I never said you had to be a parent to suffer caregiver burnout. It’s not parental burnout, it’s caregiver burnout.
I’m curious why you would attempt to bridge the gap when you knew Lizze was feeling fragile and (according to her blog) she asked you not to? I understand that you are in a bad spot; stuck in the middle between your wife and your siblings is not a fun place to be, but this is not something you can control or fix. Your siblings will either come around or they won’t, and no amount of forcing is going to change that. I get that Lizze’s mental illness played an enormous part of her decision to leave and I’m glad she got help for that, but the fact remains that she put her children to bed and then left the house. As a sister and an aunt, I would have a VERY hard time forgiving that. Your siblings were the ones who watched you fall apart and helped put you back together. They watched Lizze manipulate you and the situation while she was living at her parents; she was going to parks and parties and bars and dating other men, all while you were struggling to keep yourself and the boys afloat. The relationship between them and Lizze may be gone forever and you and she will need to make peace with that. It will make for awkward family gatherings, but it is what it is. Lizze is the one who made this bed, now you and she will have to lie in it and hope that it will get better over time.

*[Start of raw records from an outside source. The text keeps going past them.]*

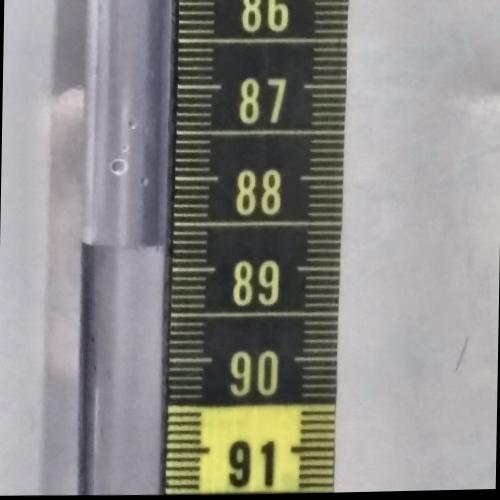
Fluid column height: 88.8 cm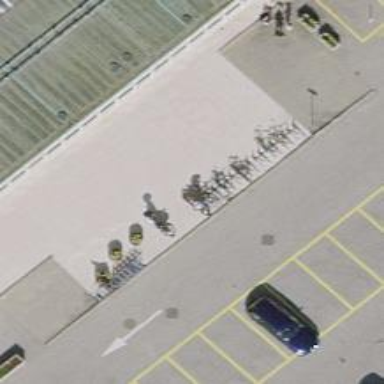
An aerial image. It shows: Bicycle parking area.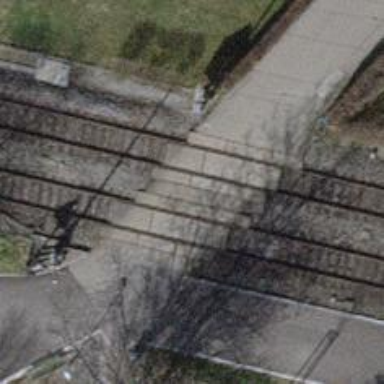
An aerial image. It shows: Level crossing with full barriers and lights.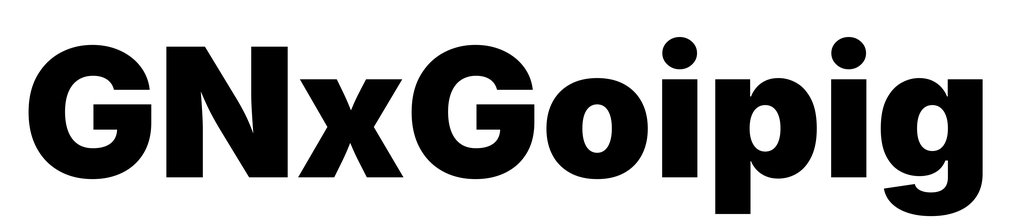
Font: Inter_Black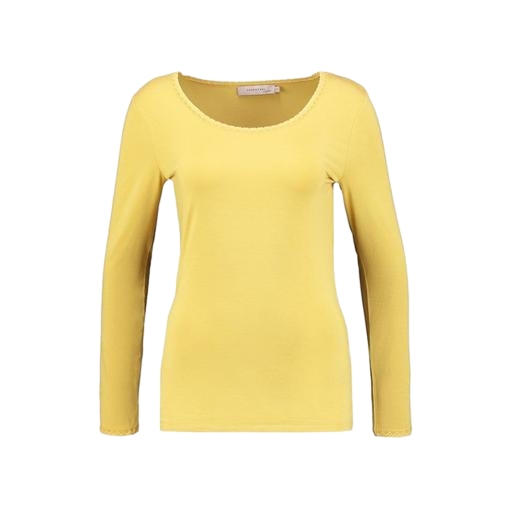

All that said, I’m glad the boys had a good Christmas. They deserve it.
Kim, I don’t expect you or anyone else to understand because unless you’ve experienced things like caregiver burnout, you can’t understand what it does to someone. As far as helping me through anything or putting myself back together, my parents are the only ones that helped. I know people were upset that myself and especially the boys were hurt, but no one reached out to help in our darkest moments. Now that we’ve out our lives back together, some people have a problem with it.
Everything that happened while she was gone served a purpose. It’s the broken road that brought us back together.
You’re right about the boys deserving a good Christmas but so do we.